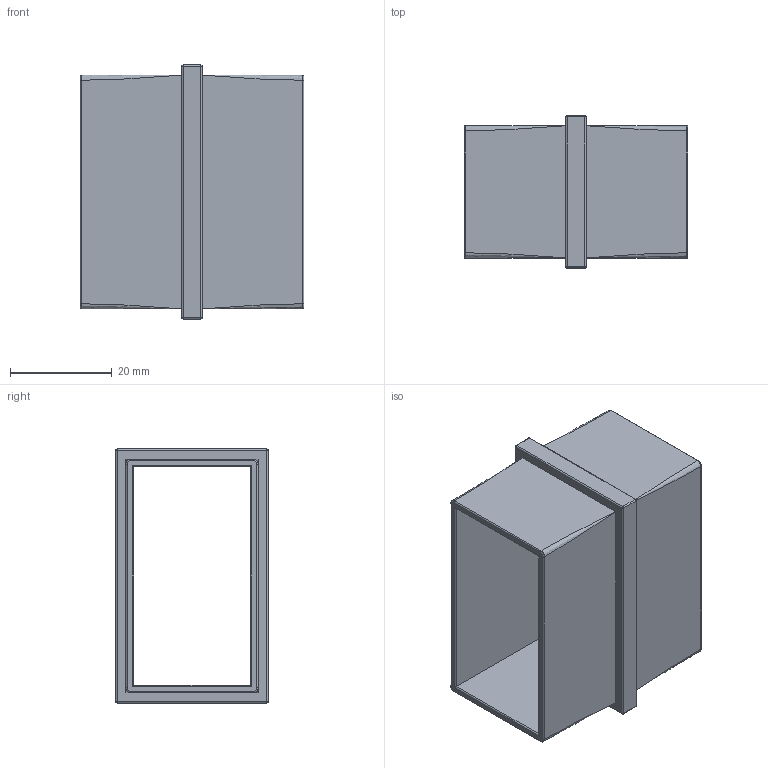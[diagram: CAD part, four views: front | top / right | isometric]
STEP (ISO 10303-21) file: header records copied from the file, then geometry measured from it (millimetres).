
FILE_DESCRIPTION (( 'STEP AP203' ), '1' );
FILE_NAME ('3D_GV1714_50x30x2_188715300.STEP', '2024-10-21T06:47:44', ( '' ), ( '' ), 'SwSTEP 2.0', 'SolidWorks 2024', '' );
FILE_SCHEMA (( 'CONFIG_CONTROL_DESIGN' ));
Length unit declared in the file: millimetre
Products named in the file (1): 3D_GV1714_50x30x2_188715300
Bounding box: 44 x 30 x 50 mm (x, y, z)
Volume: 10295.5 mm3; surface area: 13090.4 mm2
Topology: 1 solids, 1 shells, 72 faces, 164 edges, 80 vertices
Faces by surface type: cylinder 28, plane 20, bspline 16, sphere 8
Entity records: 2345 total; most frequent: CARTESIAN_POINT 893, ORIENTED_EDGE 296, DIRECTION 262, EDGE_CURVE 148, AXIS2_PLACEMENT_3D 97, VERTEX_POINT 80, EDGE_LOOP 76, ADVANCED_FACE 72

- **REQUIRED WORK**
Reply with exactly the lines from the one containing "STEP (ISO 10303-21)" to the last line of the material, inclusive, and with nothing more.

- **RESPONSE**
STEP (ISO 10303-21) file: header records copied from the file, then geometry measured from it (millimetres).
FILE_DESCRIPTION (( 'STEP AP203' ), '1' );
FILE_NAME ('3D_GV1714_50x30x2_188715300.STEP', '2024-10-21T06:47:44', ( '' ), ( '' ), 'SwSTEP 2.0', 'SolidWorks 2024', '' );
FILE_SCHEMA (( 'CONFIG_CONTROL_DESIGN' ));
Length unit declared in the file: millimetre
Products named in the file (1): 3D_GV1714_50x30x2_188715300
Bounding box: 44 x 30 x 50 mm (x, y, z)
Volume: 10295.5 mm3; surface area: 13090.4 mm2
Topology: 1 solids, 1 shells, 72 faces, 164 edges, 80 vertices
Faces by surface type: cylinder 28, plane 20, bspline 16, sphere 8
Entity records: 2345 total; most frequent: CARTESIAN_POINT 893, ORIENTED_EDGE 296, DIRECTION 262, EDGE_CURVE 148, AXIS2_PLACEMENT_3D 97, VERTEX_POINT 80, EDGE_LOOP 76, ADVANCED_FACE 72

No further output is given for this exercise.